Problem>
I'd like the entries that follow repeated exactly, with the pictures left out.
● ● ● ●
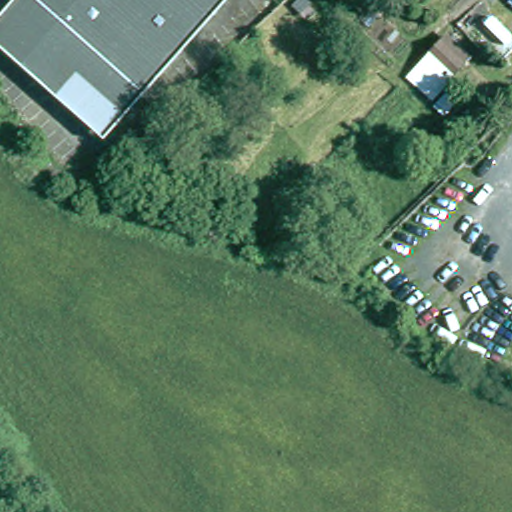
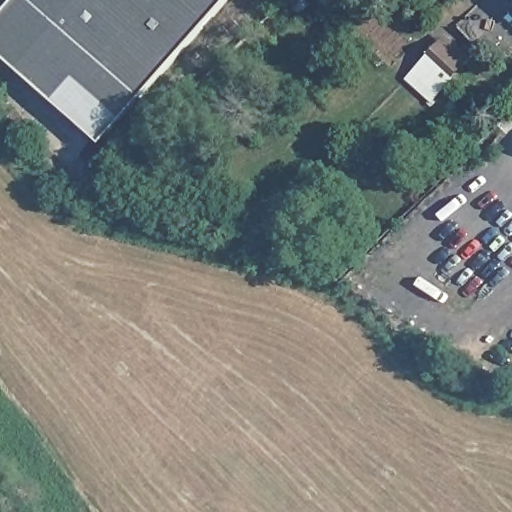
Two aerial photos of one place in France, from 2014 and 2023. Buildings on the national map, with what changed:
unchanged [(107,143),(0,48),(0,20),(17,0),(35,0),(146,99),(107,143)]
unchanged [(146,99),(35,0),(234,0),(201,36),(146,99)]
unchanged [(422,92),(453,61),(475,81),(442,111),(422,92)]

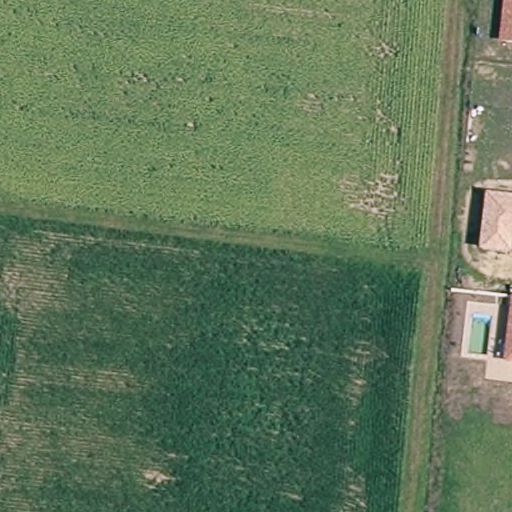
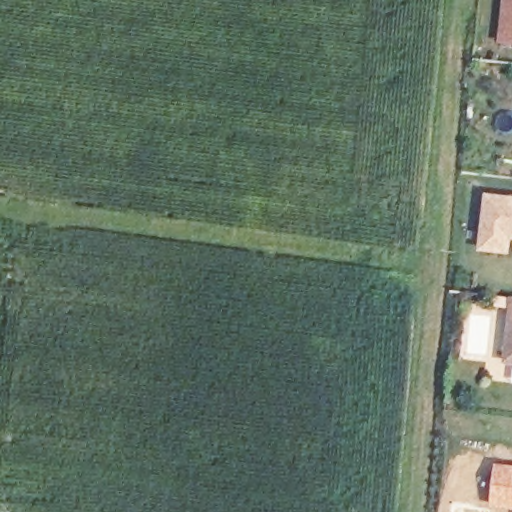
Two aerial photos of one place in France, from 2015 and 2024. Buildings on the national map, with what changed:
unchanged [(499,43),(504,0),(512,0),(512,45),(499,43)]
unchanged [(511,256),(479,253),(485,194),(512,197),(512,253),(511,256)]
unchanged [(504,363),(511,298),(512,298),(512,364),(504,363)]
new [(496,464),(512,466),(512,511),(490,508),(496,464)]

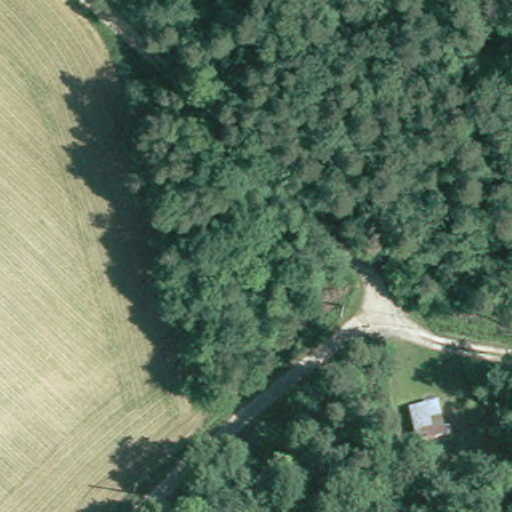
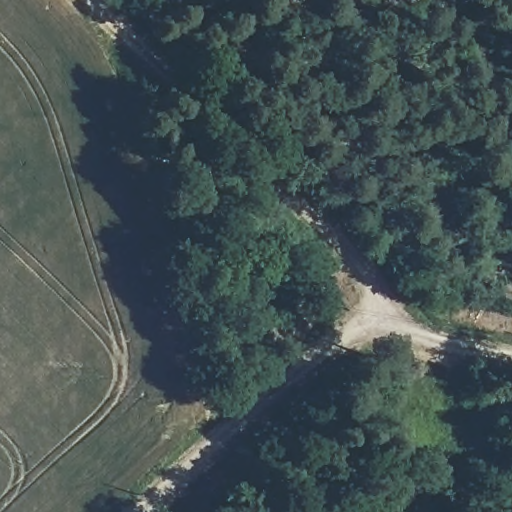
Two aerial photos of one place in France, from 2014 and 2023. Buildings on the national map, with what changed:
unchanged [(448,425),(413,435),(405,400),(442,398),(448,425)]

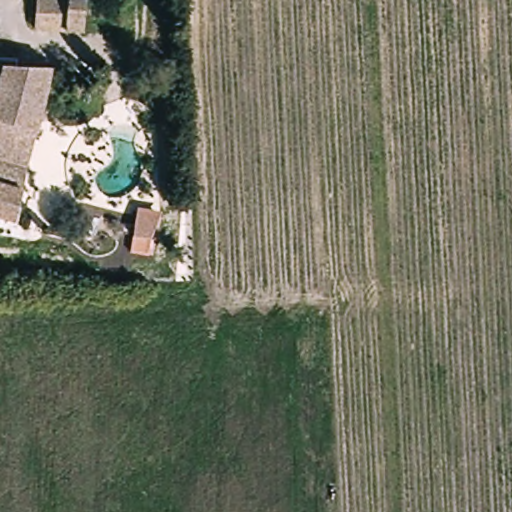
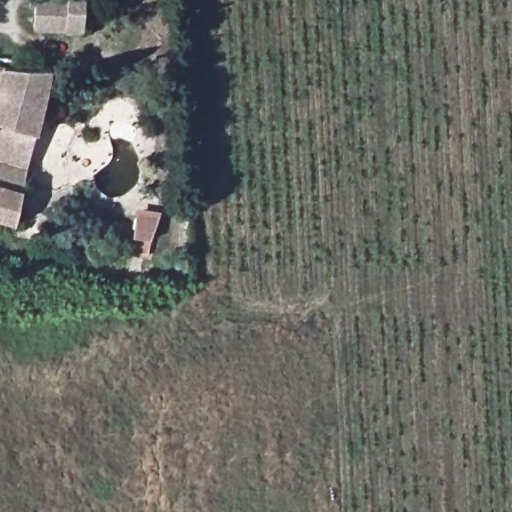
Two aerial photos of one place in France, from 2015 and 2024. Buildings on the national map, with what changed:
unchanged [(33,30),(35,0),(65,0),(82,1),(80,33),(33,30)]
unchanged [(15,224),(0,219),(0,65),(50,67),(15,224)]
unchanged [(162,225),(154,246),(150,263),(132,259),(139,221),(162,225)]

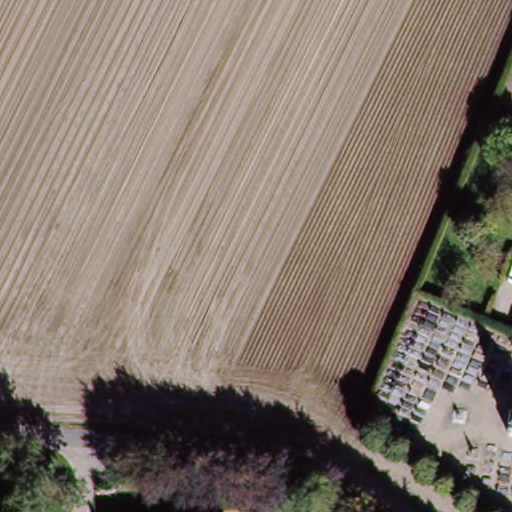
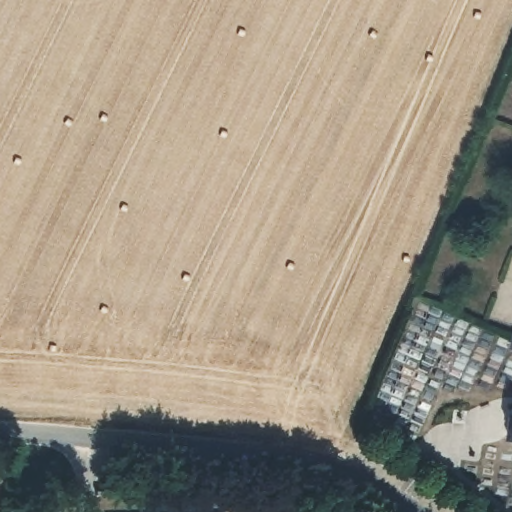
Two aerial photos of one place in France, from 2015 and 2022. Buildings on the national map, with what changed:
unchanged [(512,418),(511,416),(512,417),(512,418)]
unchanged [(512,432),(512,447),(510,447),(512,432)]

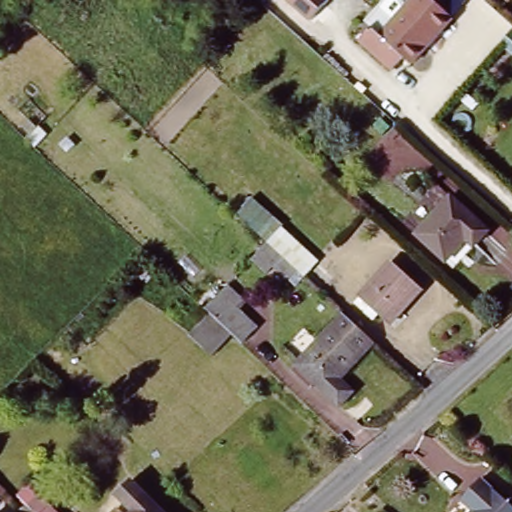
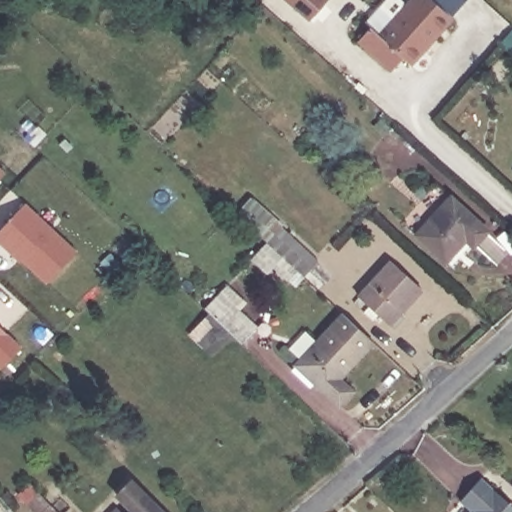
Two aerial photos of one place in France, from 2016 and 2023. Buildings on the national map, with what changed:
unchanged [(285,0),(326,0),(307,20),(285,0)]
unchanged [(371,40),(382,27),(389,34),(420,0),(441,0),(460,18),(420,62),(413,56),(402,69),(371,40)]
new [(0,179),(0,169),(5,174),(0,179)]
unchanged [(308,268),(302,264),(289,274),(273,260),(265,267),(254,256),(272,236),(242,210),(260,191),(322,254),(308,268)]
unchanged [(449,199),(487,234),(475,247),(467,240),(445,264),(415,236),(449,199)]
new [(77,252),(47,283),(8,246),(6,248),(0,243),(0,231),(25,204),(77,252)]
unchanged [(393,263),(421,290),(387,326),(359,300),(393,263)]
unchanged [(210,312),(205,306),(227,285),(245,300),(238,307),(257,325),(242,343),(232,334),(211,356),(190,335),(210,312)]
unchanged [(340,312),(375,345),(343,380),(355,392),(339,408),(292,365),(340,312)]
new [(2,368),(0,366),(0,327),(22,349),(2,368)]
unchanged [(478,507),(460,491),(482,471),(512,500),(512,512),(473,512),(478,507)]
unchanged [(117,497),(132,483),(160,512),(131,512),(117,497)]
unchanged [(50,510),(52,512),(49,512),(50,510)]

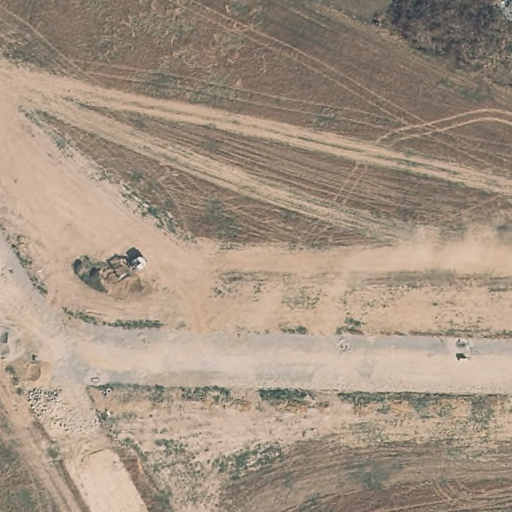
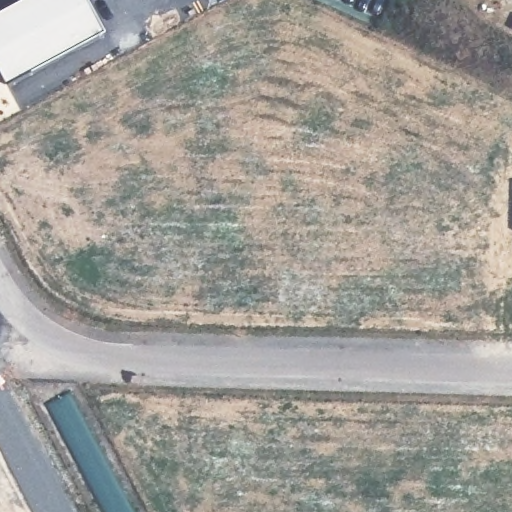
● ● ● ●
Task output>
Two aerial photos of one place in France, from 2014 and 2023. Buildings on the national map, with what changed:
unchanged [(107,143),(0,48),(0,20),(17,0),(35,0),(146,99),(107,143)]
unchanged [(146,99),(35,0),(234,0),(201,36),(146,99)]
unchanged [(422,92),(453,61),(475,81),(442,111),(422,92)]

Two aerial photos of one place in France, from 2015 and 2024. Buildings on the national map, with what changed:
unchanged [(499,43),(504,0),(512,0),(512,45),(499,43)]
unchanged [(511,256),(479,253),(485,194),(512,197),(512,253),(511,256)]
unchanged [(504,363),(511,298),(512,298),(512,364),(504,363)]
new [(496,464),(512,466),(512,511),(490,508),(496,464)]

Two aerial photos of one place in France, from 2014 and 2023. Buildings on the national map, with what changed:
unchanged [(448,425),(413,435),(405,400),(442,398),(448,425)]

Two aerial photos of one place in France, from 2015 and 2024. Buildings on the national map, with what changed:
unchanged [(33,30),(35,0),(65,0),(82,1),(80,33),(33,30)]
unchanged [(15,224),(0,219),(0,65),(50,67),(15,224)]
unchanged [(162,225),(154,246),(150,263),(132,259),(139,221),(162,225)]

Two aerial photos of one place in France, from 2015 and 2022. Buildings on the national map, with what changed:
unchanged [(512,418),(511,416),(512,417),(512,418)]
unchanged [(512,432),(512,447),(510,447),(512,432)]

Two aerial photos of one place in France, from 2016 and 2023. Buildings on the national map, with what changed:
unchanged [(285,0),(326,0),(307,20),(285,0)]
unchanged [(371,40),(382,27),(389,34),(420,0),(441,0),(460,18),(420,62),(413,56),(402,69),(371,40)]
new [(0,179),(0,169),(5,174),(0,179)]
unchanged [(308,268),(302,264),(289,274),(273,260),(265,267),(254,256),(272,236),(242,210),(260,191),(322,254),(308,268)]
unchanged [(449,199),(487,234),(475,247),(467,240),(445,264),(415,236),(449,199)]
new [(77,252),(47,283),(8,246),(6,248),(0,243),(0,231),(25,204),(77,252)]
unchanged [(393,263),(421,290),(387,326),(359,300),(393,263)]
unchanged [(210,312),(205,306),(227,285),(245,300),(238,307),(257,325),(242,343),(232,334),(211,356),(190,335),(210,312)]
unchanged [(340,312),(375,345),(343,380),(355,392),(339,408),(292,365),(340,312)]
new [(2,368),(0,366),(0,327),(22,349),(2,368)]
unchanged [(478,507),(460,491),(482,471),(512,500),(512,512),(473,512),(478,507)]
unchanged [(117,497),(132,483),(160,512),(131,512),(117,497)]
unchanged [(50,510),(52,512),(49,512),(50,510)]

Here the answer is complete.